FIGURE 1. (A) Workflow for the Nanopore long-read target sequencing method. The figure was created using biorender.com. (B) Workflow for Nanopore target splicing Analysis. (C) Workflow for Nanopore variant calling.

FIGURE 2

FIGURE 2. Comparison of TSC1 and TSC2 transcript repertoires between the patient and controls. (A) Number of TSC1 and TSC2 transcripts. (B) The fold-change of coverage in TSC1 and TSC2 genomic regions. The coverage data were normalized to control 1. (C) Number of transcript variants of TSC1 and TSC2 transcripts. The number of TSC1 and TSC2 transcript variants with 10 or more of the same type of transcript variant. (D) Number of exons in TSC1 transcripts. Length of TSC1 transcripts. The t-test showed no statistical difference (p-value > 0.5) between the patient and controls. (E) Number of exons in TSC2 transcripts. Length of TSC2 transcripts is shown. The t-test showed no statistical difference between the patient and controls (p-value > 0.5).

Repertoire of TSC1 and TSC2 transcripts

Next, we investigated the repertoire of TSC1 and TSC2 transcripts to determine the number of TSC1 and TSC2 protein-coding transcripts.
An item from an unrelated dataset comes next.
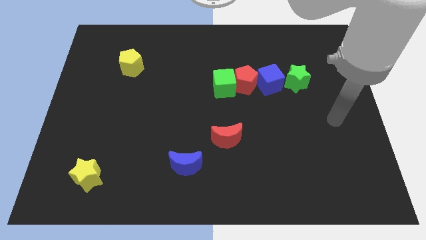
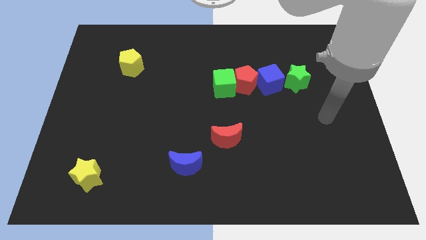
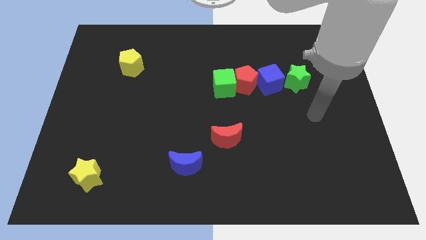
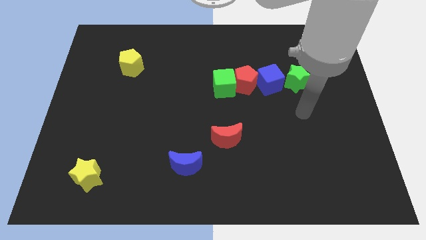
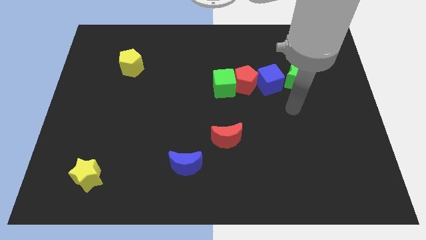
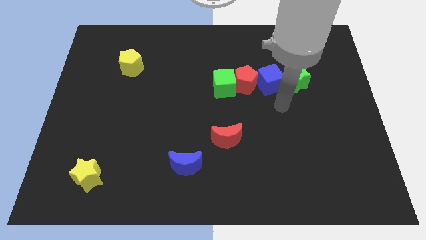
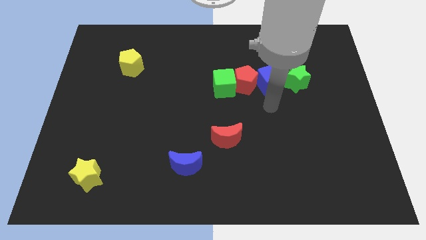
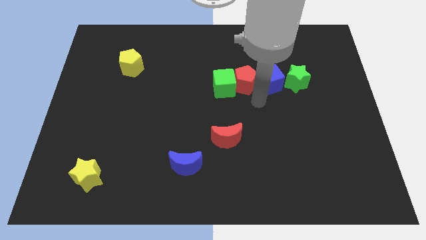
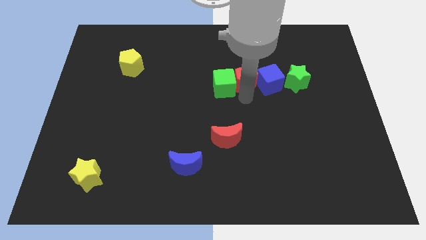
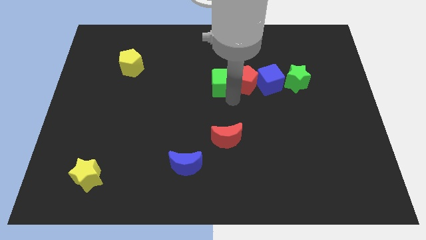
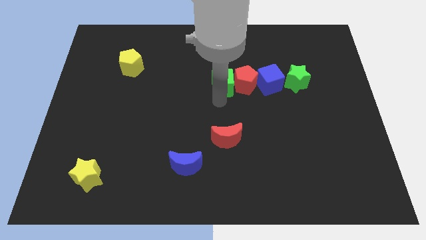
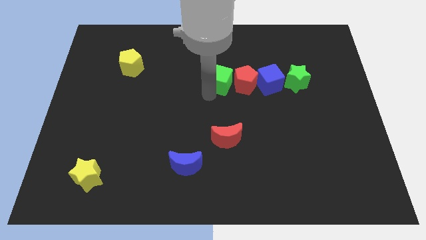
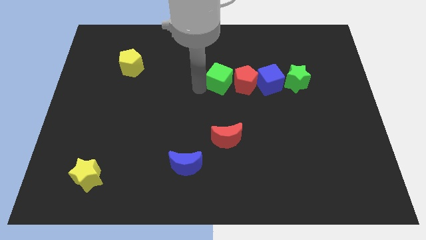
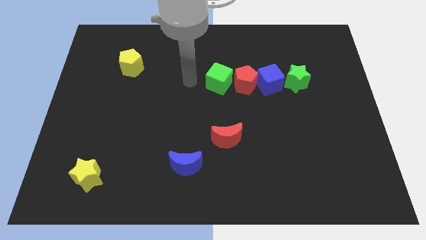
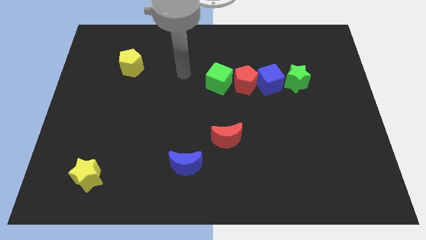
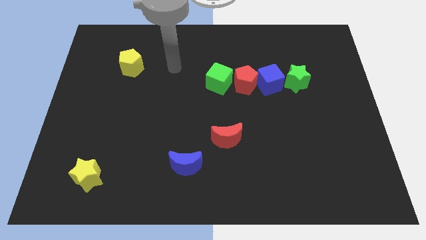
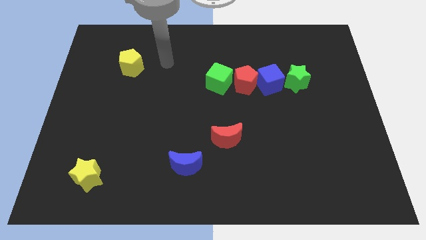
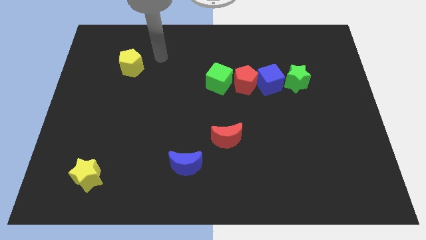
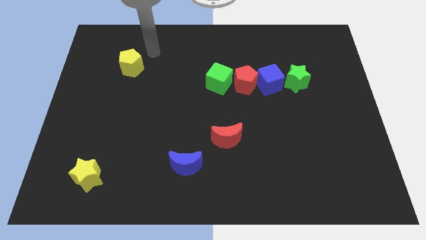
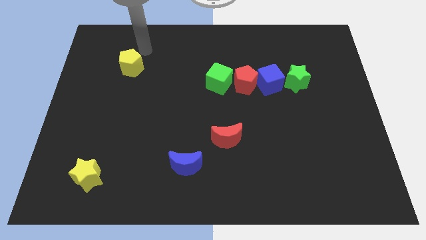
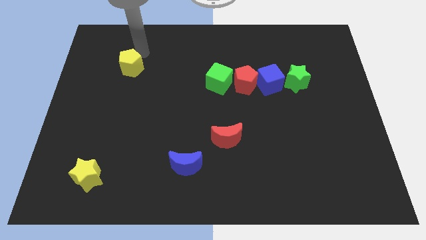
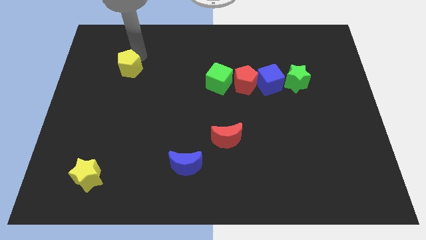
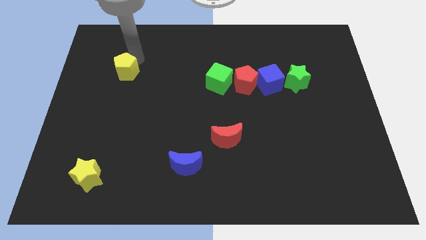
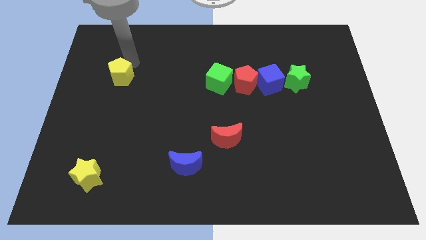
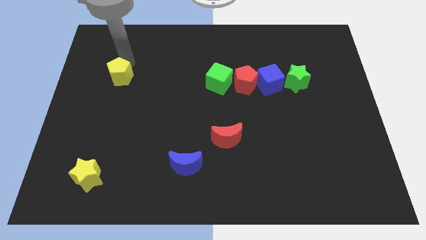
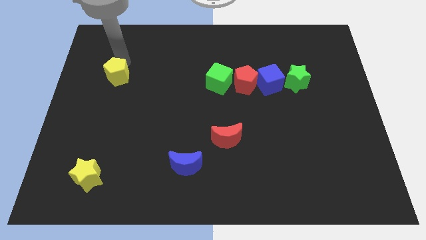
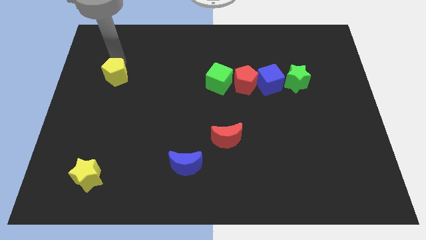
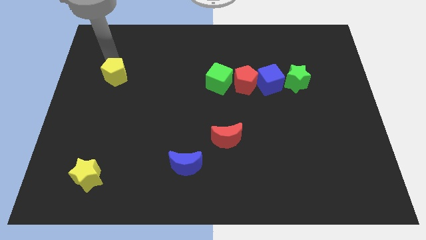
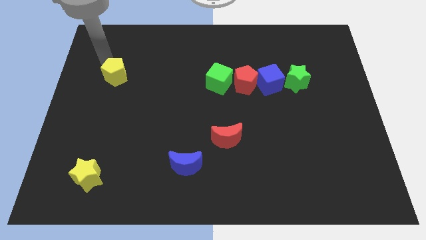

Although the database-registered transcripts, such as ENST00000644097 and ENST00000298552, were expressed in the patient and controls, many non-registered transcript variants were also expressed (Figure 3A). Each non-protein-coding transcript, such as variant 1, variant 2, variant 3, and variant 4, was expressed at different rates in the patient and controls. The ratio of ENST00000644097 and ENST00000298552, which are the protein-coding transcripts, in the patient was lower than that in controls (Figure 3C). Similar to TSC1, the registered transcripts, such as ENST00000461648, ENST00000401874, ENST00000642812, and ENST00000642797, were expressed, and many non-registered transcript variants were expressed in the patient and controls (Figure 3B). Surprisingly, the majority of the expressed transcripts were occupied by non-registered transcripts. Moreover, the ratio of the protein-coding transcripts, such as ENST00000401874 and ENST00000642797, was less than 10% in controls (Figure 3C). The ratio of the protein-coding transcripts in the TSC patient was less than one-third of that in controls. These results suggest that the TSC2 protein-coding transcripts were decreased in the patient.

FIGURE 3

FIGURE 3. Comparison of TSC1 and TSC2 transcript repertoires between the patient and controls. (A) Repertoire of representative TSC1 transcripts with a relatively high expression (left). Ratio of each TSC1 transcript variants in all TSC1 transcripts (right). (B) Repertoire of representative TSC2 transcripts with a relatively high expression (left) and the ratio of TSC2 transcript variants (right). Ratio of each TSC2 transcript variant in all TSC2 transcripts is shown. (C) Ratio of TSC1 and TSC2 protein-coding transcripts between the patient and controls.

Nanopore variant calling

To identify the putative pathogenic mutations that cause a decrease in TSC2 protein-coding transcripts, we performed Nanopore variant calling (Figure 1C). To accurately detect the mutations, the reads that have poly(A) tail were extracted in the TSC patient, and variant calling was subsequently performed. The mutations classified as HIGH by SnpEff were three mutations in TSC1 and 17 mutations in TSC2 (Figure 4A). The mutations with more than 20 QUAL score values were 10 mutations in TSC2. The mutations that were detected by more than 10 depth values were three mutations in TSC2. There was only one mutation common to all three conditions (HIGH, QUAL > 20, and depth > 10; Figure 4B; Supplementary Table S2). This mutation is the heterozygous mutation in TSC2 [NM_000548.3:c.4850-2A>G p.(Ala1617GlyfsTer24)] that causes aberrant splicing events in SnpEff prediction because the mutation is located at the splicing acceptor site (Figures 4C, D). To validate the detection accuracy of Nanopore variant calling, we performed the very-long-amplicon sequencing (vLAS) analysis (Figures 4D, E). The mutation classified as HIGH by SnpEff was only one mutation in the TSC2 genomic region. The mutation was the same one detected in Nanopore variant calling (Figure 4D). Moreover, CEL nuclease-mediated heteroduplex incision with polyacrylamide gel electrophoresis and silver staining (CHIPS) technology and Sanger sequencing also confirmed the same mutation (Figures 4F,G). These results suggest that Nanopore variant calling accurately detected the putative mutation responsible for the aberrant splicing events.

FIGURE 4

FIGURE 4. Detection of TSC1 and TSC2 variants. (A) Number of TSC1 and TSC2 variants detected by Nanopore variant calling. (B) Venn graph of TSC2 variants. (C) The mutation [NM_000548.3:c.4850-2A>G p.(Ala1617GlyfsTer24)] was detected by Nanopore variant calling on IGV. (D) Summary of validation results. (E) The mutation [NM_000548.3:c.4850-2A>G p.(Ala1617GlyfsTer24)] was detected by MuLAS on IGV. (F) CHIPS technology assay. The arrow head shows cleaved heteroduplex. U, uncut; C, cut by CEL nuclease. (G) Electropherograms of Sanger sequencing of the detected variant.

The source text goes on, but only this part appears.